Supplemental Material

This article contains the following supporting material:

• Movie 1 - GFP-labeled microtubules in a wild-type strain, GFP-tubA. Cells were grown in glycerol-containing medium at 32°C for about 20 hours and observed at 32°C. Images were acquired with a binning factor of 1x1. The movie was speeded up 10 times.

• Movie 2 - GFP-labeled microtubules in the ΔclipA mutant strain, GFP-tubA/ΔclipA. Cells were grown in glycerol-containing medium at 32°C for about 20 hours and observed at 32°C. Images were acquired with a binning factor of 1x1. The movie was speeded up 10 times.

• Movie 3 - GFP-NUDA (dynein heavy chain) in a wild type cell. Cells were grown in glycerol-containing medium at 32°C overnight and observed at 32°C. Images were acquired with a binning factor of 1x1. The movie was speeded up 10 times.

• Movie 4 - GFP-NUDA (dynein heavy chain) in a ΔclipA mutant cell. Cells were grown in glycerol-containing medium at 32°C overnight and observed at 32°C. Images were acquired with a binning factor of 1x1. The movie was speeded up 10 times.

• Movie 5 - GFP-NUDM (p150^Glued dynactin) in a wild type cell. Cells were grown in glycerol-containing medium at 32°C overnight and observed at 32°C. Images were acquired with a binning factor of 2x2. The movie was speeded up 10 times.

• Movie 6 - GFP-NUDM (p150^Glued dynactin) in a ΔclipA cell. Cells were grown in glycerol-containing medium at 32°C overnight and observed at 32°C. Images were acquired with a binning factor of 2x2. The movie was speeded up 10 times.

• Movie 7 - GFP-CLIPA in an elongating hyphal tip. Cells were grown and observed on agarose pads at 32°C after one day of growth from spores. The medium was minimal medium with 100 mM threonine and 4 mM glucose as carbon sources plus supplements. This medium is a moderate inducer of the alcA(p) promoter that controls GFP fusion expression: threonine is a strong inducer of alcA(p), while a small amount of glucose suppresses alcA(p) and improves hyphal growth. 0.6 second exposure was taken every 2 seconds for a total of 30 images. Bar, 5 μm.

• Movie 8 - GFP-NUDF in an elongating hyphal tip. Cells were grown under the same conditions as that in Movie 7.

• Movie 9 - GFP-CLIPA in an internal region. Nuclei (n) and septum (S) are marked.
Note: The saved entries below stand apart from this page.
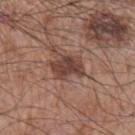Part of a total-body skin-imaging series; this lesion was reviewed on a skin check and was not flagged for biopsy.
On the left upper arm.
About 3.5 mm across.
Imaged with white-light lighting.
The lesion-visualizer software estimated a footprint of about 8 mm², an eccentricity of roughly 0.7, and a shape-asymmetry score of about 0.25 (0 = symmetric). And it measured a lesion color around L≈42 a*≈20 b*≈24 in CIELAB, a lesion–skin lightness drop of about 12, and a normalized border contrast of about 9.
A 15 mm close-up tile from a total-body photography series done for melanoma screening.
A male subject aged 63–67.
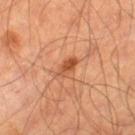Findings:
- workup: total-body-photography surveillance lesion; no biopsy
- subject: male, aged around 65
- imaging modality: ~15 mm crop, total-body skin-cancer survey
- automated lesion analysis: a lesion area of about 3.5 mm² and a shape-asymmetry score of about 0.3 (0 = symmetric); an average lesion color of about L≈48 a*≈25 b*≈36 (CIELAB), a lesion–skin lightness drop of about 10, and a normalized lesion–skin contrast near 7.5; a border-irregularity index near 3/10 and a within-lesion color-variation index near 4/10; a nevus-likeness score of about 85/100 and lesion-presence confidence of about 100/100
- body site: the right thigh
- tile lighting: cross-polarized
- diameter: ~3 mm (longest diameter)
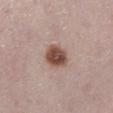Findings:
- notes — total-body-photography surveillance lesion; no biopsy
- patient — male, aged 58–62
- acquisition — ~15 mm crop, total-body skin-cancer survey
- lighting — white-light
- diameter — about 3.5 mm
- TBP lesion metrics — a border-irregularity index near 1.5/10, internal color variation of about 4.5 on a 0–10 scale, and peripheral color asymmetry of about 1.5
- anatomic site — the right lower leg
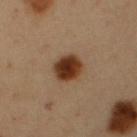follow-up: catalogued during a skin exam; not biopsied
diameter: ~3.5 mm (longest diameter)
automated metrics: an average lesion color of about L≈35 a*≈20 b*≈30 (CIELAB), a lesion–skin lightness drop of about 16, and a normalized border contrast of about 13.5; a border-irregularity index near 1/10, a within-lesion color-variation index near 5/10, and a peripheral color-asymmetry measure near 1.5
image source: total-body-photography crop, ~15 mm field of view
location: the abdomen
lighting: cross-polarized
patient: male, roughly 50 years of age
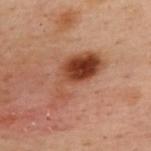The lesion was tiled from a total-body skin photograph and was not biopsied. Cropped from a total-body skin-imaging series; the visible field is about 15 mm. The patient is a female about 55 years old. The lesion is on the upper back.
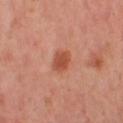| key | value |
|---|---|
| workup | total-body-photography surveillance lesion; no biopsy |
| illumination | cross-polarized illumination |
| subject | female, aged around 40 |
| diameter | ≈3 mm |
| location | the right leg |
| imaging modality | ~15 mm crop, total-body skin-cancer survey |
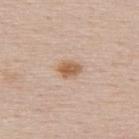A roughly 15 mm field-of-view crop from a total-body skin photograph. A male subject aged approximately 50. The lesion is on the back. Imaged with white-light lighting.
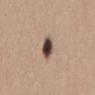Case summary:
– workup · catalogued during a skin exam; not biopsied
– acquisition · 15 mm crop, total-body photography
– tile lighting · white-light illumination
– lesion diameter · ≈2.5 mm
– patient · female, aged approximately 40
– body site · the lower back
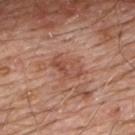Q: Is there a histopathology result?
A: total-body-photography surveillance lesion; no biopsy
Q: Lesion size?
A: ≈3.5 mm
Q: What is the imaging modality?
A: ~15 mm tile from a whole-body skin photo
Q: Where on the body is the lesion?
A: the upper back
Q: Patient demographics?
A: male, aged 78 to 82
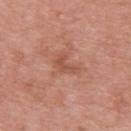Case summary:
* patient — female, aged 68 to 72
* body site — the upper back
* illumination — white-light illumination
* acquisition — total-body-photography crop, ~15 mm field of view
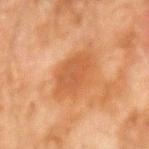No biopsy was performed on this lesion — it was imaged during a full skin examination and was not determined to be concerning.
A male subject aged 43 to 47.
About 5 mm across.
Located on the right forearm.
An algorithmic analysis of the crop reported a nevus-likeness score of about 55/100 and lesion-presence confidence of about 100/100.
Cropped from a whole-body photographic skin survey; the tile spans about 15 mm.
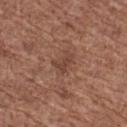• automated metrics: about 7 CIELAB-L* units darker than the surrounding skin and a normalized border contrast of about 6; a border-irregularity index near 5.5/10, internal color variation of about 0 on a 0–10 scale, and radial color variation of about 0
• diameter: about 3 mm
• subject: female, aged 73–77
• image: ~15 mm tile from a whole-body skin photo
• location: the right thigh
• lighting: white-light illumination
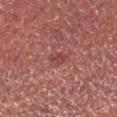biopsy_status: not biopsied; imaged during a skin examination
automated_metrics:
  nevus_likeness_0_100: 0
  lesion_detection_confidence_0_100: 100
patient:
  sex: male
  age_approx: 45
image:
  source: total-body photography crop
  field_of_view_mm: 15
site: head or neck
lesion_size:
  long_diameter_mm_approx: 3.0

Asterisks track two comets that originate from the same spot on the leftmost nucleus. Cells were grown under the same conditions as that in Movie 7.
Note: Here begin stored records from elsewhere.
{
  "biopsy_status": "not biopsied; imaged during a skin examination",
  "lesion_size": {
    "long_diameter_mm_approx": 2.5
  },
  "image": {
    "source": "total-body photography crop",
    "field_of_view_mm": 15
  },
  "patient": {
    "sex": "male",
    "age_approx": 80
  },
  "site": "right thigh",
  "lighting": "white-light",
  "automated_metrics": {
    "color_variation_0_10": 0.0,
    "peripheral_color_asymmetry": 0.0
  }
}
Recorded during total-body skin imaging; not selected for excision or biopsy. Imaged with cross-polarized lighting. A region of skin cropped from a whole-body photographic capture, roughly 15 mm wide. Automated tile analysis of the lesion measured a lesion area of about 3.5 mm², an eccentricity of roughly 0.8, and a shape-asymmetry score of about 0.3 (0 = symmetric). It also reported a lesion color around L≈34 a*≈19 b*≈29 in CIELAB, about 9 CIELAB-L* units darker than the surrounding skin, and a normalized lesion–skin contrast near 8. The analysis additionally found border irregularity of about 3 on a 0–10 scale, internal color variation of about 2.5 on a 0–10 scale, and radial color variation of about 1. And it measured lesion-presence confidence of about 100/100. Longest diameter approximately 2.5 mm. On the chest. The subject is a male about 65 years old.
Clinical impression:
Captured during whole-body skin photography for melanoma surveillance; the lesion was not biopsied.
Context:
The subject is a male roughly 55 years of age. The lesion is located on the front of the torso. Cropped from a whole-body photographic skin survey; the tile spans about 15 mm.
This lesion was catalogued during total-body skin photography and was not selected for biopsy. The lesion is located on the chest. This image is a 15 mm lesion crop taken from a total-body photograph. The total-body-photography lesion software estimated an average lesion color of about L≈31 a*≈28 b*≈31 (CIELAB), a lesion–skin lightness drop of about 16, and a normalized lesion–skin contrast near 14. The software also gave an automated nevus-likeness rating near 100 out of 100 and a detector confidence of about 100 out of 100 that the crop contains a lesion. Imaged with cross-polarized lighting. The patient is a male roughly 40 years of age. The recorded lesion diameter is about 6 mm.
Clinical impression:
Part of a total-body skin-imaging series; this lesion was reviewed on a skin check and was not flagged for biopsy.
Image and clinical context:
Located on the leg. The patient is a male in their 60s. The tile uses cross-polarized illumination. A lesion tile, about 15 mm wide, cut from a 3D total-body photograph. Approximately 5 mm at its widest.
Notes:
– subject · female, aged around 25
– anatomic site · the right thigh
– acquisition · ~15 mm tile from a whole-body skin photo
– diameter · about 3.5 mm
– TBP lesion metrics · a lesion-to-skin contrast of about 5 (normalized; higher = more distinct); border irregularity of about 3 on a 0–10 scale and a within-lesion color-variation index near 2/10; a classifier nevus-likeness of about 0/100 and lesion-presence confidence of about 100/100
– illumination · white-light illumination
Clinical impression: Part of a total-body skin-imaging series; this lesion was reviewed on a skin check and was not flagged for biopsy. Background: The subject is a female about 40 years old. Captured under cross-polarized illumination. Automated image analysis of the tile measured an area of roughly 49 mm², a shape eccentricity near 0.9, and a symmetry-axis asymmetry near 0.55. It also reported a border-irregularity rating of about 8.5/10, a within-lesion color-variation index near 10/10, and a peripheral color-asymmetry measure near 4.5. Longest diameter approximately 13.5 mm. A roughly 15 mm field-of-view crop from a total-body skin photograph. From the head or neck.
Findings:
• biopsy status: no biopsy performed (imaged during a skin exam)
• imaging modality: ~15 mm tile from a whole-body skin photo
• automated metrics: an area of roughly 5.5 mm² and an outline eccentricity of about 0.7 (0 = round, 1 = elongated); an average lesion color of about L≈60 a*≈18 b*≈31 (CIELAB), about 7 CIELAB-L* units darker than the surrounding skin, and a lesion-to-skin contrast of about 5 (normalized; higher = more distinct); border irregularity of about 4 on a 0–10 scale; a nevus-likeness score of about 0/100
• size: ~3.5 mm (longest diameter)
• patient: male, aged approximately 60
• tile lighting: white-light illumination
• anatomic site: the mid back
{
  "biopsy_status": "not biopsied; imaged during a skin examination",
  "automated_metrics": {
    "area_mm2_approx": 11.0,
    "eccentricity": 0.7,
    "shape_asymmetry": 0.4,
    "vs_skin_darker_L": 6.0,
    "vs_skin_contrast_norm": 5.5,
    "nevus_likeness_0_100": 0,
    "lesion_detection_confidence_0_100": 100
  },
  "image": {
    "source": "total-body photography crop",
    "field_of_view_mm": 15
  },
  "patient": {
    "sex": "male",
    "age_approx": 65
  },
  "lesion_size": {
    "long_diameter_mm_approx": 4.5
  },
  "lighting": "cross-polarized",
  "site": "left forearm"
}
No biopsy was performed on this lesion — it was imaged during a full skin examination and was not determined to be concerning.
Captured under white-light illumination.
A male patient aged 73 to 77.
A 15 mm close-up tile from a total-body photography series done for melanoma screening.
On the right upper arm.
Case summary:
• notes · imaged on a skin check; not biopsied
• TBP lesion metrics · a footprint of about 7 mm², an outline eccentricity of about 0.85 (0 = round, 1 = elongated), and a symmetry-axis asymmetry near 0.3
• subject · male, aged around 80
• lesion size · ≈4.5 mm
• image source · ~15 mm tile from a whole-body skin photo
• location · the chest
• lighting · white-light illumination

• Movie 10 - GFP-CLIPA/ΔnudA strain. Several comets are seen pausing their movement. Asterisks on the first frame mark two such comets. The top one eventually resumes movement, while the bottom one either disappears or moves out of focus. Cells were grown under the same conditions as that in Movie 7.

• Movie 11 - GFP-CLIPA in wild-type cells grown at 42°C. Cells were grown in glycerol-containing medium at 42°C for about 16 hours and observed at 42°C. Images were acquired with a binning factor of 2x2. The movie was speeded up 10 times.
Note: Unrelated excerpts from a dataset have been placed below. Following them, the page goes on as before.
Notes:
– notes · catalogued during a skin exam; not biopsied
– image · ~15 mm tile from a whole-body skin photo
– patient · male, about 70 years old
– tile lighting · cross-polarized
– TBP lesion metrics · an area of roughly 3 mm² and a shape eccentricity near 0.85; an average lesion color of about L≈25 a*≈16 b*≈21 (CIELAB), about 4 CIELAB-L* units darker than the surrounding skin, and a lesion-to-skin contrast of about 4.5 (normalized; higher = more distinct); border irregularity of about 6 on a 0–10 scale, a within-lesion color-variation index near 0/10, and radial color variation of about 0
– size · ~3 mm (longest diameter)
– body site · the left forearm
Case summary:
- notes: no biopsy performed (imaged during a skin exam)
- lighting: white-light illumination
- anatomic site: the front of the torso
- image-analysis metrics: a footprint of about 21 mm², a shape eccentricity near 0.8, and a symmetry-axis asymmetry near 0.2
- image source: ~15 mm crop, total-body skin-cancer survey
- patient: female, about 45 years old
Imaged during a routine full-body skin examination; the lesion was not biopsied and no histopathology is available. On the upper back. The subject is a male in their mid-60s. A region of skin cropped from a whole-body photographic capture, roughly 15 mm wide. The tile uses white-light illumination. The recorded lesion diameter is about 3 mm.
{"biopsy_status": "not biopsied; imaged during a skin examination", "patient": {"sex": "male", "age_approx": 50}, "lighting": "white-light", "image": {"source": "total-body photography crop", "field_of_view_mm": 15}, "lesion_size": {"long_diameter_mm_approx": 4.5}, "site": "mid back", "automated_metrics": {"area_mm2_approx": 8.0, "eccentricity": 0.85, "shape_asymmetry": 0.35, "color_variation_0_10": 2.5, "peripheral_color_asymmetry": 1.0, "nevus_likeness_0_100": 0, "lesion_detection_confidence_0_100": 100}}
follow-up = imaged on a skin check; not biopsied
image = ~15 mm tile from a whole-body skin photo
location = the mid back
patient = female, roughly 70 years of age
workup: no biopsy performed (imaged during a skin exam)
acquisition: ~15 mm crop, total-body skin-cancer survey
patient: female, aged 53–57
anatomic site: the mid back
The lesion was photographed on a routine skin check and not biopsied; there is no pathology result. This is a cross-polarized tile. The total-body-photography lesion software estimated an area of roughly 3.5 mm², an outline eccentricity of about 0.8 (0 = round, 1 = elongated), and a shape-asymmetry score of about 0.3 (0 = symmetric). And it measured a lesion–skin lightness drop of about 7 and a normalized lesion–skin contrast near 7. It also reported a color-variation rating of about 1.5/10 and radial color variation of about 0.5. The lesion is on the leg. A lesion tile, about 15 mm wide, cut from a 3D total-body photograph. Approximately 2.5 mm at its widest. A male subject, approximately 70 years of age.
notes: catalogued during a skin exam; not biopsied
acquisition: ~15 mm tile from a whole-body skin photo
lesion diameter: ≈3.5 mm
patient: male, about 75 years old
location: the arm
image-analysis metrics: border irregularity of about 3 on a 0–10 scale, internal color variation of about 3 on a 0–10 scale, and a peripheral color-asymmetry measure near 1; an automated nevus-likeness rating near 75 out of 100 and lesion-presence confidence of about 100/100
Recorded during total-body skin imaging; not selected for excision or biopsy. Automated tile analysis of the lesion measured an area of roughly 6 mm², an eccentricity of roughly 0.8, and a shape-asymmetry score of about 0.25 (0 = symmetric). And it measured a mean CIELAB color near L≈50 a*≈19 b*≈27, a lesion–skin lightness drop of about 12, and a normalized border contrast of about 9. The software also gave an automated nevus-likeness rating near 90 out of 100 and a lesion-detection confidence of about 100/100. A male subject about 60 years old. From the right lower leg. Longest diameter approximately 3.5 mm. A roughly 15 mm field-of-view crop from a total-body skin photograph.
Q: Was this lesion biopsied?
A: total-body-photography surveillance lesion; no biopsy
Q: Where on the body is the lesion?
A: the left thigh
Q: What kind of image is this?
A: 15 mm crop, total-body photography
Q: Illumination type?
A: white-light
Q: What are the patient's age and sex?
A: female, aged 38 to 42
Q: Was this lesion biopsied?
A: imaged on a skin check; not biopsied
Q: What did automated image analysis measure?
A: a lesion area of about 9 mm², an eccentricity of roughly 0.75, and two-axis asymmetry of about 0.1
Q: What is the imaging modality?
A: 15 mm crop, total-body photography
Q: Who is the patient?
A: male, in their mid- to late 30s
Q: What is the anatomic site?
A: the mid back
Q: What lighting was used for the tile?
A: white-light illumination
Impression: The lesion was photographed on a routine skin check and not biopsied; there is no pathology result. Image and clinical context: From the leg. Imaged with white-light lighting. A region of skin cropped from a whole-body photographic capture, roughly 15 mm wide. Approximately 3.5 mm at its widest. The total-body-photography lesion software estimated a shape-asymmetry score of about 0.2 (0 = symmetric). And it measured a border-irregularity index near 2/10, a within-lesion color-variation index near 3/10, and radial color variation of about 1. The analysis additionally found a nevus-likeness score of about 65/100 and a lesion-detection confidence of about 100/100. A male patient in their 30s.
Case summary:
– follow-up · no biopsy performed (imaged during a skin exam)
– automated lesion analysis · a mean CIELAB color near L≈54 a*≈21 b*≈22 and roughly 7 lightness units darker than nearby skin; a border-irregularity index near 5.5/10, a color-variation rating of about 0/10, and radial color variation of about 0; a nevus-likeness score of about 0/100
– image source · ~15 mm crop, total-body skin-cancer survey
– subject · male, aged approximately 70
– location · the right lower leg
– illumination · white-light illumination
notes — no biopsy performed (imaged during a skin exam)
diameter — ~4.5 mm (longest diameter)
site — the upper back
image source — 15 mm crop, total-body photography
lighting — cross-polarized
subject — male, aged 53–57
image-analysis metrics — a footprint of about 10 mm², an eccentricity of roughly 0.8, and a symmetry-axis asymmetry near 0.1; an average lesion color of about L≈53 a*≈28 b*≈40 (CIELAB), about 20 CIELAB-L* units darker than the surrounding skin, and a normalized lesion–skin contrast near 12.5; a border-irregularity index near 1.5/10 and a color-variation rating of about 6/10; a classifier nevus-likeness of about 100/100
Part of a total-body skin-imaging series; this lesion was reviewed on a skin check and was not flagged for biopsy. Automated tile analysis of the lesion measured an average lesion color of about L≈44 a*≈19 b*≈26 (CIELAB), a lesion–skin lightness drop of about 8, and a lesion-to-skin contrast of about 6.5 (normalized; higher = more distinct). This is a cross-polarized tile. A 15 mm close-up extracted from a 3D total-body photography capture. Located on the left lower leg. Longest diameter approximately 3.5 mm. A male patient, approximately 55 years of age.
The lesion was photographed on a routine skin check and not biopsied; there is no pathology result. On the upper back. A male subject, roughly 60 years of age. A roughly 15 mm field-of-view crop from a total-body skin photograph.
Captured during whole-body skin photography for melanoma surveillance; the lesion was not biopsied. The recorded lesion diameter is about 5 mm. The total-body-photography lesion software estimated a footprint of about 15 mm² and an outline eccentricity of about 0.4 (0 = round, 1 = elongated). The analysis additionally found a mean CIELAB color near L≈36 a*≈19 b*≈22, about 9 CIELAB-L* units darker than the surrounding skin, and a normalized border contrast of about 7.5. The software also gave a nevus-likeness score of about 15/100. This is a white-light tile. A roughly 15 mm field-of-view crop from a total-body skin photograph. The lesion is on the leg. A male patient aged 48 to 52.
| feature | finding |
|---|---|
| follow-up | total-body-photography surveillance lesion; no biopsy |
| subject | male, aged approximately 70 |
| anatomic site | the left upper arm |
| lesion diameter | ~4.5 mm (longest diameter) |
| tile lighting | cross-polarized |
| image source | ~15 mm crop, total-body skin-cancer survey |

• Movie 12 - GFP-CLIPA in the ΔkipA mutant cells grown at 42°C. Cells were grown in glycerol-containing medium at 42°C for about 16 hours and observed at 42°C. Images were acquired with a binning factor of 2x2. The movie was speeded up 10 times.

• Movie 13 - GFP-CLIPA in the Δkina mutant cells grown at 42°C. Cells were grown in glycerol-containing medium at 42°C for about 16 hours and observed at 42°C. Images were acquired with a binning factor of 2x2. The movie was speeded up 10 times.

• Movie 14 - GFP-NUDE in an elongating hyphal tip of a wild-type strain. Cells were grown under the same conditions as that in Movie 7. Images were captured with 1-second exposure.

• Movie 15 - GFP-NUDE in the ΔnudA strain. Two internal hyphal segments are shown. Comets are seen in the horizontal hypha and specks in the vertical hypha. Cells were grown under the same conditions as that in Movie 7.

• Movie 16 - Overexpression of GFP-NUDF in the ΔnudE/ΔclipA strain did not force GFP-NUDF to accumulate in comets. (A) GFP-NUDF/ΔnudE/ΔclipA; (B) GFP-NUDF/ΔnudE; (C) GFP- NUDA/ΔnudE/ΔclipA. Strains were grown on minimal medium with 100 mM threonine as the only carbon source to maximize GFP fusion expression. The fluorescence signals determined from original 12-bit data (first frame only, maximum possible is 4096) are 1200-1300 inside hyphae in A, 1600-1700 inside hypha in B. For C, the inside signal is 266±8 (mean±standard deviation), while the signal outside hyphae is 208±4. The GFP-NUDF comets are visible in B despite high background.